In mysql, it is not directly the result set is not relevant sub-query parameters as the outer query, but the result set is written to a temporary table inside. Process of writing the temporary table is as follows:
1) column of the temporary table is sub-query result set columns.
2) recording the temporary table is written to the weight . IN statement is a judgment on the record when an operand is not in a collection, the value of the collection of the results of the entire weight not repeat IN statement does not affect, so we will write a temporary table result set to re-let temporary table becomes smaller.
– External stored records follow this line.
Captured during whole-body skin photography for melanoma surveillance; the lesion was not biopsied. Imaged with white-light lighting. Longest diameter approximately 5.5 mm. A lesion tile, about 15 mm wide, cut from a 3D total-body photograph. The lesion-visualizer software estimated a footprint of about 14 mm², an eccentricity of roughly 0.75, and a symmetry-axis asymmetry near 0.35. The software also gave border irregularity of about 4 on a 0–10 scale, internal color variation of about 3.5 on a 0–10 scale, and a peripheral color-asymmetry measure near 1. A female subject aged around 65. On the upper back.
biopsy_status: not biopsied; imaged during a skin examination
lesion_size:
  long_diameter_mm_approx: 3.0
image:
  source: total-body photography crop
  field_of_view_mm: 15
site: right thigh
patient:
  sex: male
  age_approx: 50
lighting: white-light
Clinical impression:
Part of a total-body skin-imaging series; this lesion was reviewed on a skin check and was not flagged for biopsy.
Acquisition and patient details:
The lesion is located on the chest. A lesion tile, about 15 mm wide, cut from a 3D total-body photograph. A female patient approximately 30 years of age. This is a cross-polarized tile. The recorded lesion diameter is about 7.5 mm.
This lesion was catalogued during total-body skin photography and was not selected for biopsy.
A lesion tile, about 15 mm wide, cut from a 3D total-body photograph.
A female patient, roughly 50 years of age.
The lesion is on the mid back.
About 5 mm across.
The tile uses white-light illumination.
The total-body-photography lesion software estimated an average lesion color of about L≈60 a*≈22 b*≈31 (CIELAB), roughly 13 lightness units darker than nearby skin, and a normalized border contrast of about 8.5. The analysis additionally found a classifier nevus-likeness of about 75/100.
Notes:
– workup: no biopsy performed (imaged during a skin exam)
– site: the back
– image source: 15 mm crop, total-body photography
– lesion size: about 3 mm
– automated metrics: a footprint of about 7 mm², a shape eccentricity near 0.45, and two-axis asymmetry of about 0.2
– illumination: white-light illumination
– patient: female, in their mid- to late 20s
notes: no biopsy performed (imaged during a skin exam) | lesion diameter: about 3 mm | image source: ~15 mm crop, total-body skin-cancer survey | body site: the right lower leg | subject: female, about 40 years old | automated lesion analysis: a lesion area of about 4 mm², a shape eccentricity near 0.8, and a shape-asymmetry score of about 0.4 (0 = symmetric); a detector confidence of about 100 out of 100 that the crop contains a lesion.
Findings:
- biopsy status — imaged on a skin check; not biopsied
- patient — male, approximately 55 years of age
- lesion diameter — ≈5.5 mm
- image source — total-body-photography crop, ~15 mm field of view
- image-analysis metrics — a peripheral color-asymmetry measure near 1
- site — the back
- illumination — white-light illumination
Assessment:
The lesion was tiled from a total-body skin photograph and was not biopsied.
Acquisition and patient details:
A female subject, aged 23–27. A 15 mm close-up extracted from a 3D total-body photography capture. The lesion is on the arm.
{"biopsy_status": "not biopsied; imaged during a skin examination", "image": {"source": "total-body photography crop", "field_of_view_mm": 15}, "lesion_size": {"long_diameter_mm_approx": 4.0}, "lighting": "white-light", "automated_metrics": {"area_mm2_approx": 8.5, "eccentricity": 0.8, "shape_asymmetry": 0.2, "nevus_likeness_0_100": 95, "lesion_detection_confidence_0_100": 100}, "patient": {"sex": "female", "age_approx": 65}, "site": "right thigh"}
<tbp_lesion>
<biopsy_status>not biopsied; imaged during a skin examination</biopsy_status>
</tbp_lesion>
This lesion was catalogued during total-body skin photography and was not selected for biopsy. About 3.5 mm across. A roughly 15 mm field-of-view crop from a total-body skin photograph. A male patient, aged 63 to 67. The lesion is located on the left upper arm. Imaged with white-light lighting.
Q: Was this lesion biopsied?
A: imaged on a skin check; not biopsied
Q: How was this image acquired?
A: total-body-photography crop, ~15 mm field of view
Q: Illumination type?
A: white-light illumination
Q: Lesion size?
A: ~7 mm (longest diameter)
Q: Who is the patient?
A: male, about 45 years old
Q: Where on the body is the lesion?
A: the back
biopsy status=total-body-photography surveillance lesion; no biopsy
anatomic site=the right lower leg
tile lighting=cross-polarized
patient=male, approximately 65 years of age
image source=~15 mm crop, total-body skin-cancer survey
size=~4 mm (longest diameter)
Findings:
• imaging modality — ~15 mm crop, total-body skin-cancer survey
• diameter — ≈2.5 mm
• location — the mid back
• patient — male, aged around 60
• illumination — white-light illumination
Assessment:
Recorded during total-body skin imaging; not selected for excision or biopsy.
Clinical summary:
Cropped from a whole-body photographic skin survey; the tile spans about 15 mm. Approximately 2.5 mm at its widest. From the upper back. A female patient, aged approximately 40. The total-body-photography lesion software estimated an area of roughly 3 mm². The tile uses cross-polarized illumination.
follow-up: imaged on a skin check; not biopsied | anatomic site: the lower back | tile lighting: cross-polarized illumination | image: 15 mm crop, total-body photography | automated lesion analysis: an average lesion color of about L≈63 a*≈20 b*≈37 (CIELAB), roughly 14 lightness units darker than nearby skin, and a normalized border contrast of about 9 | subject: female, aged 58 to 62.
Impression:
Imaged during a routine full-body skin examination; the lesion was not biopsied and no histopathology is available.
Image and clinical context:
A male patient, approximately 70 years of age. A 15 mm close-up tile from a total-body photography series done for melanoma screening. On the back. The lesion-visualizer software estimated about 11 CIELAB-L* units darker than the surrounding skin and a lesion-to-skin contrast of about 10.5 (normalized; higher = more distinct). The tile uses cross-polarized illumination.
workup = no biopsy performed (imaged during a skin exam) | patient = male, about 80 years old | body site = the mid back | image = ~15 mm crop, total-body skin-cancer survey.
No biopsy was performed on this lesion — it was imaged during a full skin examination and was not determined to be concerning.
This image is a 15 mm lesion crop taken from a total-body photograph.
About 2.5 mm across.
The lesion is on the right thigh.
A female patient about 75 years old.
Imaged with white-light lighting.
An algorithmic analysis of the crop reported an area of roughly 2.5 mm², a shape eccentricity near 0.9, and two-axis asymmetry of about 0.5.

Temporary table is also a table, simply create a primary key or unique index columns for all records in the table can be de-emphasis.
3) general erupted in the query result set is not particularly large, so it will be established as a memory-based temporary table using Memory storage engine, and will build a hash index for the table. IN statement is to determine the nature of an operand is not in a collection, if the data collection to establish a hash index , then this matching process is very fast.
4) If the sub-query result set is very large, exceeding the system variables tmp_table_size or max_heap_table_size, temporary tables will turn to the use of disk-based storage engine to save result set record, index types are also converted to the corresponding B + tree index.

这个将子查询结果集中的记录保存到临时表的过程称之为物化(Materialize)。那个存储子查询结果集的临时表称之为物化表。正因为物化表中的记录都建立了索引(基于内存的物化表有哈希索引,基于磁盘的有B+树索引),通过索引执行IN语句判断某个操作数在不在子查询结果集中变得非常快,从而提升了子查询语句的性能。

Or for the above sql: select * from t1 where a in (select a from t2);

When we handle queries materialized, assuming the name of the sub materialized query tables for materialized_table, as the subquery materialized table stored in the result set m_val, then this query can actually be viewed from two angles below:

• to look at an angle from the table t1, the entire query is actually meant: for each record in the table t1, if the value of a column in the record corresponding subquery materialized table, then the record is added the final result set.

• angle materialized query tables from a child to look at the whole meaning of the query is actually: For each value subquery materialized table, if the value of a column corresponding to the value equal to the record can be found in the table t1, then put these records added to the final result set.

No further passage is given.